How to complete this task: Looking at the records below, say how many lines include "version", and add nothing else.

=== Supplied records ===

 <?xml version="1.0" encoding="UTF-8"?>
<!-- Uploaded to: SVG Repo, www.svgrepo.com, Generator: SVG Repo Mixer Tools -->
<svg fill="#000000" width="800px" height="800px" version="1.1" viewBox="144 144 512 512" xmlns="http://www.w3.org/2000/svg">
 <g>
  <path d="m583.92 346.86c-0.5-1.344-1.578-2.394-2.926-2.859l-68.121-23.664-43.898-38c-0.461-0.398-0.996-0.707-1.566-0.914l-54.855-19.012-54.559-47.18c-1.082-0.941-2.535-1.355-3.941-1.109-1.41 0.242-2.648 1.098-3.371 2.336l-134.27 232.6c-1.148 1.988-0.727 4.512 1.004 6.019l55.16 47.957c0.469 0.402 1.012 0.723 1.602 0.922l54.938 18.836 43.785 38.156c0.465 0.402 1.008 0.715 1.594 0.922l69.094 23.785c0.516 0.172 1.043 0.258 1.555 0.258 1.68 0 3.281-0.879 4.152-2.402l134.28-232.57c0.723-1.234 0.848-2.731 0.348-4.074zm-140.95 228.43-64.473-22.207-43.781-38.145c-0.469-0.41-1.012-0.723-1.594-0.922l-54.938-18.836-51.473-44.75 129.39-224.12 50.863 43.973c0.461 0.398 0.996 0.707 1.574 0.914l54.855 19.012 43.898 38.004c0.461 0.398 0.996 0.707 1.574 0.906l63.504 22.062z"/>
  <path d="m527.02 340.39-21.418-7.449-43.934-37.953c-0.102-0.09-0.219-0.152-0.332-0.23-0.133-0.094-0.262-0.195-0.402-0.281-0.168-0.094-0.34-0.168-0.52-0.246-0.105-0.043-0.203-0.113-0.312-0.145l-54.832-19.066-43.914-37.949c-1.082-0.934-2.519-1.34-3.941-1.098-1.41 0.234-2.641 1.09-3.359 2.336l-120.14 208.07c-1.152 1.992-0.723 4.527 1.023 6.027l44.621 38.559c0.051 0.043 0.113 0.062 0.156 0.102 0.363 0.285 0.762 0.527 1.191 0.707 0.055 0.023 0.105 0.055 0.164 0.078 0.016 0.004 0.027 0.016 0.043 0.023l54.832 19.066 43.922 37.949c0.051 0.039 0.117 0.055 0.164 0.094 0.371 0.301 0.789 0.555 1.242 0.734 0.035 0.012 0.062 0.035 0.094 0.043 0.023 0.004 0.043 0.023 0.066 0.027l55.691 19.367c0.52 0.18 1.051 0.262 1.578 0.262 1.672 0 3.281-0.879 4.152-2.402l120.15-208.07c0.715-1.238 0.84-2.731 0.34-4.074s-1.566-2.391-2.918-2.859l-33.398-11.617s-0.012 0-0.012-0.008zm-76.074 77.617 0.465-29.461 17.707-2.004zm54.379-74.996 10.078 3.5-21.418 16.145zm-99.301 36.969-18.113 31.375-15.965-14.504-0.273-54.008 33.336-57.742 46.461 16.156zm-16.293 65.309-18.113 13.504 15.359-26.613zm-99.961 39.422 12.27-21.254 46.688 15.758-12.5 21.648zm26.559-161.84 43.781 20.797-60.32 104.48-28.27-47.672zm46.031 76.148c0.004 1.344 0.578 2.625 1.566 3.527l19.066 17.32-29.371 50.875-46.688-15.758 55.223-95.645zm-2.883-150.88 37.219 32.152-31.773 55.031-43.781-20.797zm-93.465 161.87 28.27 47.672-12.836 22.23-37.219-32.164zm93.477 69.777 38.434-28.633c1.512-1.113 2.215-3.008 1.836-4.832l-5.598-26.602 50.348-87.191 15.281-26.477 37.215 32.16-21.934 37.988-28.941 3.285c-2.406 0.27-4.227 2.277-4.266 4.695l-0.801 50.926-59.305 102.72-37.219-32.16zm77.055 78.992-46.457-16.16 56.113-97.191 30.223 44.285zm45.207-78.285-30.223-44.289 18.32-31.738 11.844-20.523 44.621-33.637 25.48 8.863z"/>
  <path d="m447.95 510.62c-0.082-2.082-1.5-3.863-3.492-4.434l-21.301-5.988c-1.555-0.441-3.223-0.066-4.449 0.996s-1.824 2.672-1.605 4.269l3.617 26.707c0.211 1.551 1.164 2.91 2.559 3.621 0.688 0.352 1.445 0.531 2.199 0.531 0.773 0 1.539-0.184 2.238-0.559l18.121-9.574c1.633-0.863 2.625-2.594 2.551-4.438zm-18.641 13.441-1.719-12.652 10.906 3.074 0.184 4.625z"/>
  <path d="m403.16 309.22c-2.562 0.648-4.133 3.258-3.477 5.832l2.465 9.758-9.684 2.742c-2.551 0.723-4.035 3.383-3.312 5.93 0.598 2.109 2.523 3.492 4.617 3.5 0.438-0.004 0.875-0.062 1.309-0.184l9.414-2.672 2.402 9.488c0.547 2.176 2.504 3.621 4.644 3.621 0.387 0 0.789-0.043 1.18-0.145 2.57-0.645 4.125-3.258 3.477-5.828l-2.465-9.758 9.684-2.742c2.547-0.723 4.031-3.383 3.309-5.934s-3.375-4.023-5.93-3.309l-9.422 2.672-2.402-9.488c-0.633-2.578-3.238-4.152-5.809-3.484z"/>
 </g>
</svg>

===

Output of the task: 2